- Problem to solve -
You are asked to filter the data below and copy every line holding "linecap".

- Provided material -
== Segment start ==

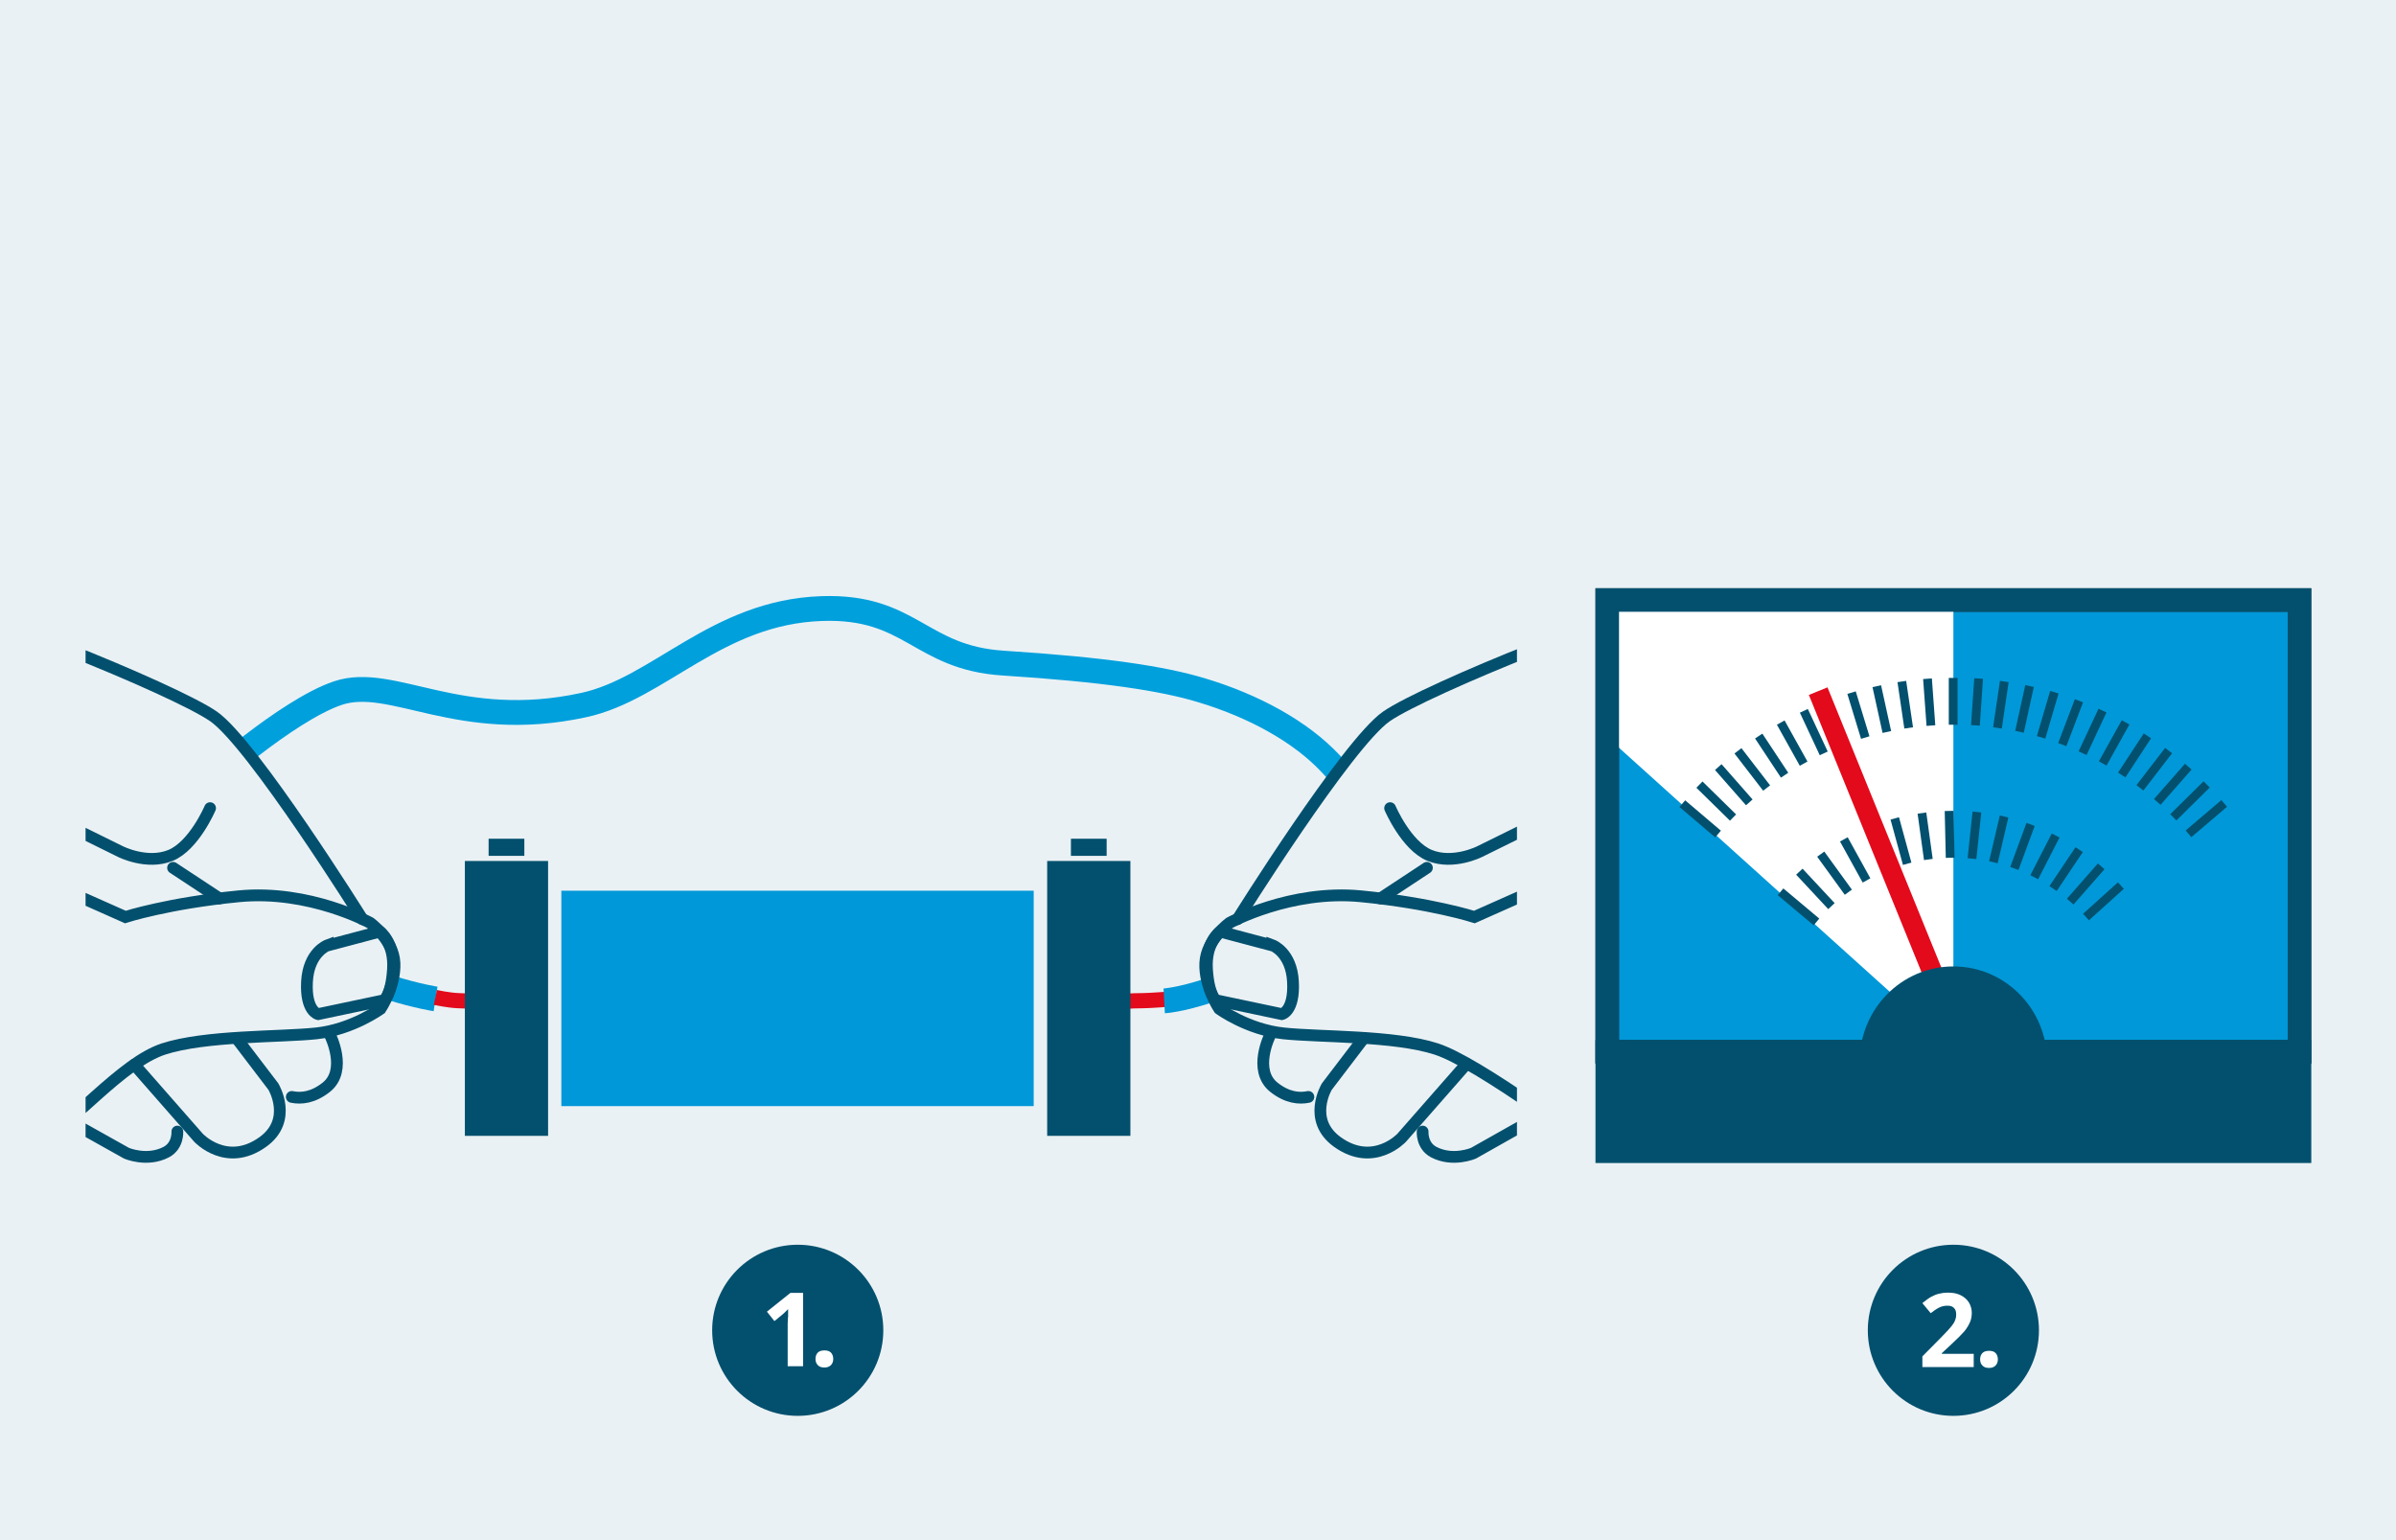 <?xml version="1.0" encoding="UTF-8"?>
<svg id="Ebene_1" xmlns="http://www.w3.org/2000/svg" xmlns:xlink="http://www.w3.org/1999/xlink" version="1.1" viewBox="0 0 1120 720">
  <!-- Generator: Adobe Illustrator 29.3.1, SVG Export Plug-In . SVG Version: 2.1.0 Build 151)  -->
  <defs>
    <style>
      .st0, .st1, .st2, .st3, .st4, .st5, .st6, .st7, .st8, .st9, .st10, .st11 {
        fill: none;
      }

      .st1 {
        stroke-width: 9.4px;
      }

      .st1, .st2 {
        stroke: #e30a1c;
      }

      .st2 {
        stroke-width: 7.1px;
      }

      .st12 {
        fill: #eaf1f4;
      }

      .st3 {
        stroke-linecap: round;
      }

      .st3, .st9, .st10, .st11 {
        stroke: #03506e;
      }

      .st3, .st10 {
        stroke-width: 5.5px;
      }

      .st13 {
        clip-path: url(#clippath-11);
      }

      .st14 {
        clip-path: url(#clippath-10);
      }

      .st15 {
        clip-path: url(#clippath-12);
      }

      .st16 {
        clip-path: url(#clippath-1);
      }

      .st17 {
        clip-path: url(#clippath-3);
      }

      .st18 {
        clip-path: url(#clippath-4);
      }

      .st19 {
        clip-path: url(#clippath-2);
      }

      .st20 {
        clip-path: url(#clippath-7);
      }

      .st21 {
        clip-path: url(#clippath-6);
      }

      .st22 {
        clip-path: url(#clippath-9);
      }

      .st23 {
        clip-path: url(#clippath-8);
      }

      .st24 {
        clip-path: url(#clippath-5);
      }

      .st4 {
        stroke: #2d3841;
      }

      .st4, .st11 {
        stroke-width: 11px;
      }

      .st25 {
        fill: #fff;
      }

      .st5 {
        stroke-width: 4.7px;
      }

      .st5, .st6 {
        stroke: #1d1d1b;
      }

      .st26 {
        fill: #e30a1c;
      }

      .st6 {
        stroke-width: 5.6px;
      }

      .st7 {
        stroke: #00a0dd;
        stroke-linecap: square;
      }

      .st7, .st8 {
        stroke-width: 11.6px;
      }

      .st27 {
        fill: #03506e;
      }

      .st8 {
        stroke: #0098d8;
      }

      .st28 {
        fill: #0098d8;
      }

      .st9 {
        stroke-width: 4.1px;
      }

      .st29 {
        clip-path: url(#clippath);
      }
    </style>
    <clipPath id="clippath">
      <rect class="st0" x="40" y="276" width="669.1" height="273"/>
    </clipPath>
    <clipPath id="clippath-1">
      <rect class="st0" x="40" y="276" width="669.1" height="273"/>
    </clipPath>
    <clipPath id="clippath-2">
      <rect class="st0" x="40" y="276" width="669.1" height="273"/>
    </clipPath>
    <clipPath id="clippath-3">
      <rect class="st0" x="40" y="276" width="669.1" height="273"/>
    </clipPath>
    <clipPath id="clippath-4">
      <rect class="st0" x="40" y="276" width="669.1" height="273"/>
    </clipPath>
    <clipPath id="clippath-5">
      <rect class="st0" x="40" y="276" width="669.1" height="273"/>
    </clipPath>
    <clipPath id="clippath-6">
      <rect class="st0" x="40" y="276" width="669.1" height="273"/>
    </clipPath>
    <clipPath id="clippath-7">
      <rect class="st0" x="40" y="276" width="669.1" height="273"/>
    </clipPath>
    <clipPath id="clippath-8">
      <rect class="st0" width="1120" height="720"/>
    </clipPath>
    <clipPath id="clippath-9">
      <rect class="st0" width="1120" height="720"/>
    </clipPath>
    <clipPath id="clippath-10">
      <rect class="st0" width="1120" height="720"/>
    </clipPath>
    <clipPath id="clippath-11">
      <rect class="st0" width="1120" height="720"/>
    </clipPath>
    <clipPath id="clippath-12">
      <rect class="st0" width="1120" height="720"/>
    </clipPath>
  </defs>
  <rect class="st12" width="1120" height="720"/>
  <g class="st29">
    <path class="st8" d="M203.6,467s-8.9-1.4-21.1-5.2"/>
    <path class="st2" d="M203.5,466.3s6,1.3,10.6,1.5c3.6.1,17,.7,17,.7"/>
    <path class="st7" d="M117.9,348.3c12.1-9.3,28.1-20.3,40.1-24.3,25.5-8.5,56.5,18.3,114.9,5.6,35.1-7.6,62.1-43.4,111.1-45.1,42-1.5,45.8,23,85,25.5,47,3,74.6,7.2,92.7,12.7,24.3,7.3,46.3,19.3,60.3,34.3"/>
    <path class="st2" d="M545.1,467.2s-8.4.6-10.7.6c-3.8-.1-17.1.8-17.1.8"/>
    <path class="st8" d="M565.2,463c-13.6,4.5-21,4.9-21,4.9"/>
  </g>
  <rect class="st28" x="262.4" y="416.4" width="220.8" height="100.7"/>
  <rect class="st25" x="226.4" y="469.1" width="28.6" height="38.7"/>
  <g class="st16">
    <path class="st10" d="M153.1,442l24.5-6.5s6.9,5.1,6.1,17.6c-.8,12.5-4.2,14.5-4.2,14.5l-30.8,6.5s-5.9-1.3-5.2-15.1c.7-13.8,9.6-17.1,9.6-17.1Z"/>
    <path class="st3" d="M169.4,429.7s-51.3-82.1-69.6-94.8c-18.3-12.7-119.1-53.6-133.7-51.7-14.5,1.8-39.1,22.4-39.1,22.4"/>
  </g>
  <path class="st5" d="M174.8,493.7"/>
  <g class="st19">
    <path class="st5" d="M108,541.8"/>
  </g>
  <path class="st5" d="M113,523.4"/>
  <path class="st5" d="M74,293.2"/>
  <g class="st17">
    <path class="st3" d="M33.4,386.8l22.9,11.3s12.4,6.3,23.4,1.8c11-4.5,18.5-22.1,18.5-22.1"/>
  </g>
  <line class="st3" x1="80.9" y1="405.7" x2="102.6" y2="420"/>
  <g class="st18">
    <path class="st3" d="M154.3,483.9s8.3,16.4-1.8,24.4c-6.2,4.9-11.8,5.4-16.1,4.5"/>
    <path class="st3" d="M110.5,485.3l17.3,22.7s9.4,15.6-5,25.9c-16.9,12.1-30-2-30-2l-30-34.2"/>
    <path class="st3" d="M82.9,529s.5,6.6-5.2,9.6c-9,4.7-18.6.5-18.6.5l-26.6-14.9"/>
    <path class="st3" d="M-73.5,571c57.5,19,60.9-12.6,79.7-26.1,28.8-20.6,50.6-48,70.2-54.5,19.7-6.4,54.5-5.5,71.4-7.3,16.9-1.8,30.1-11.5,30.1-11.5,0,0,7-10.5,6.5-21.4-.5-11-11.4-18.8-11.4-18.8,0,0-28.4-15.6-61.3-12.4-33,3.2-53.1,9.7-53.1,9.7l-35.3-15.7,3.3-31.4"/>
    <path class="st10" d="M594.8,442l-24.5-6.5s-6.9,5.1-6.1,17.6c.8,12.5,4.2,14.5,4.2,14.5l30.8,6.5s5.9-1.3,5.2-15.1c-.7-13.8-9.6-17.1-9.6-17.1Z"/>
    <path class="st3" d="M578.5,429.7s51.3-82.1,69.6-94.8c18.3-12.7,119.1-53.6,133.7-51.7,14.5,1.8,39.1,22.4,39.1,22.4"/>
  </g>
  <path class="st5" d="M573.1,493.7"/>
  <g class="st24">
    <path class="st5" d="M639.9,541.8"/>
  </g>
  <path class="st5" d="M634.9,523.4"/>
  <path class="st5" d="M673.9,293.2"/>
  <g class="st21">
    <path class="st3" d="M714.6,386.8l-22.9,11.3s-12.4,6.3-23.4,1.8c-11-4.5-18.5-22.1-18.5-22.1"/>
  </g>
  <line class="st3" x1="667" y1="405.7" x2="645.3" y2="420"/>
  <g class="st20">
    <path class="st3" d="M593.7,483.9s-8.3,16.4,1.8,24.4c6.2,4.9,11.8,5.4,16.1,4.5"/>
    <path class="st3" d="M637.5,485.3l-17.3,22.7s-9.4,15.6,5,25.9c16.9,12.1,30-2,30-2l30-34.2"/>
    <path class="st3" d="M665,529s-.5,6.6,5.2,9.6c9,4.7,18.6.5,18.6.5l32.6-18.4"/>
    <path class="st3" d="M821.4,571c-16.1-1.8-33.2-3-52-16.5-28.8-20.6-78.3-57.7-98-64.1-19.7-6.4-54.5-5.5-71.4-7.3-16.9-1.8-30.1-11.5-30.1-11.5,0,0-7-10.5-6.5-21.4.5-11,11.4-18.8,11.4-18.8,0,0,28.4-15.6,61.3-12.4,33,3.2,53.1,9.7,53.1,9.7l35.3-15.7-3.3-31.4"/>
  </g>
  <rect class="st27" x="228.4" y="392.1" width="16.7" height="8"/>
  <rect class="st27" x="217.3" y="402.5" width="38.9" height="128.5"/>
  <line class="st5" x1="494.6" y1="466.9" x2="522.6" y2="466.9"/>
  <rect class="st27" x="500.6" y="392.1" width="16.7" height="8"/>
  <rect class="st27" x="489.5" y="402.5" width="38.9" height="128.5"/>
  <g class="st23">
    <path class="st26" d="M270.9,502.4"/>
  </g>
  <path class="st6" d="M270.9,502.4"/>
  <rect class="st28" x="751.3" y="280.5" width="323.6" height="211.2"/>
  <rect class="st4" x="751.3" y="280.5" width="323.6" height="211.2"/>
  <polygon class="st25" points="755.6 285.2 755.6 348.5 909.6 487.3 913.1 487.3 913.1 285.2 755.6 285.2"/>
  <g class="st22">
    <path class="st9" d="M803.1,389.9l-16.7-14.2M810.1,382.2l-15.7-15.4M817.7,375.1l-14.5-16.5M825.8,368.4l-13.4-17.4M834.2,362.4l-12.1-18.3M843.1,357l-10.7-19.2M852.5,352.2l-9.3-19.9M862,348.2l-7.8-20.5M871.9,344.8l-6.4-21M882,342.2l-4.7-21.4M892.2,340.3l-3.2-21.7M902.6,339.2l-1.6-21.9M913,338.8v-21.9M923.4,339.1l1.5-21.9M933.7,340.3l3.2-21.7M944,342.1l4.7-21.4M954.1,344.7l6.2-21.1M964,348.1l7.8-20.5M973.5,352.1l9.3-19.9M982.9,356.9l10.7-19.2M991.8,362.3l12-18.3M1000.3,368.3l13.4-17.4M1008.4,374.9l14.5-16.5M1015.9,382.1l15.6-15.4M1023,389.8l16.7-14.2"/>
    <path class="st9" d="M849.1,431l-16.8-14.1M856.1,423.6l-15-16.1M864,417.1l-12.9-17.8M872.5,411.6l-10.6-19.2M881.8,407.1l-8.4-20.3M891.5,403.8l-5.8-21.2M901.4,401.8l-3-21.7M911.6,401l-.5-21.9M921.8,401.4l2.3-21.8M931.8,403.1l5-21.4M941.6,406l7.6-20.6M950.9,410.1l10-19.5M959.7,415.4l12.2-18.2M967.7,421.5l14.5-16.5M975.1,428.7l16.3-14.7"/>
  </g>
  <rect class="st27" x="751.3" y="491.7" width="323.6" height="46.5"/>
  <rect class="st11" x="751.3" y="491.7" width="323.6" height="46.5"/>
  <line class="st1" x1="913" y1="478.4" x2="849.9" y2="323.1"/>
  <g class="st14">
    <path class="st27" d="M956.9,496.2c0-24.5-19.6-44.4-43.8-44.4s-43.8,19.9-43.8,44.4"/>
  </g>
  <rect class="st11" x="751.3" y="280.5" width="323.6" height="211.2"/>
  <g class="st13">
    <path class="st26" d="M1070.2,158"/>
  </g>
  <path class="st6" d="M1070.2,158"/>
  <g class="st15">
    <path class="st27" d="M372.9,661.9c22.1,0,40-17.9,40-40s-17.9-40-40-40-40,17.9-40,40,17.9,40,40,40"/>
    <path class="st27" d="M913.1,661.9c22.1,0,40-17.9,40-40s-17.9-40-40-40-40,17.9-40,40,17.9,40,40,40"/>
    <path class="st25" d="M926.8,638.5c.7.7,1.7,1,3,1s2.3-.4,3-1.1c.7-.7,1.1-1.7,1.1-2.9s-.4-2.3-1.1-3c-.7-.7-1.7-1-3-1s-2.4.3-3.1,1c-.7.7-1.1,1.7-1.1,3s.4,2.2,1.1,2.9M922.6,632.9h-14.9v-.3l4.4-4.1c2.9-2.7,5-4.8,6.2-6.2,1.2-1.5,2-2.9,2.6-4.3.6-1.4.8-2.9.8-4.4s-.5-3.4-1.4-4.8c-.9-1.4-2.2-2.5-3.8-3.3-1.6-.8-3.5-1.2-5.7-1.2s-3.1.2-4.4.5c-1.3.3-2.5.8-3.6,1.4-1.1.6-2.5,1.6-4.2,3l3.9,4.7c1.4-1.1,2.7-2,3.9-2.6,1.2-.6,2.5-.9,3.9-.9s2.3.3,3,1c.8.7,1.1,1.7,1.1,3.1s-.2,1.8-.5,2.7c-.3.9-.9,1.8-1.7,2.8-.8,1-2.4,2.8-5,5.4l-8.6,8.7v5h24v-6.1Z"/>
    <path class="st25" d="M382.4,638.3c.7.7,1.7,1,3,1s2.3-.4,3-1.1c.7-.7,1.1-1.7,1.1-2.9s-.4-2.3-1.1-3c-.7-.7-1.7-1-3-1s-2.4.3-3.1,1c-.7.7-1.1,1.7-1.1,3s.4,2.2,1.1,2.9M375.5,604.4h-6l-11,8.8,3.5,4.4,3.9-3.2c.5-.4,1.3-1.2,2.5-2.4v3.6c-.1,0-.2,3.3-.2,3.3v19.8h7.2v-34.3Z"/>
  </g>
</svg>

== Segment end ==

- Output for this task -
        stroke-linecap: round;
        stroke-linecap: square;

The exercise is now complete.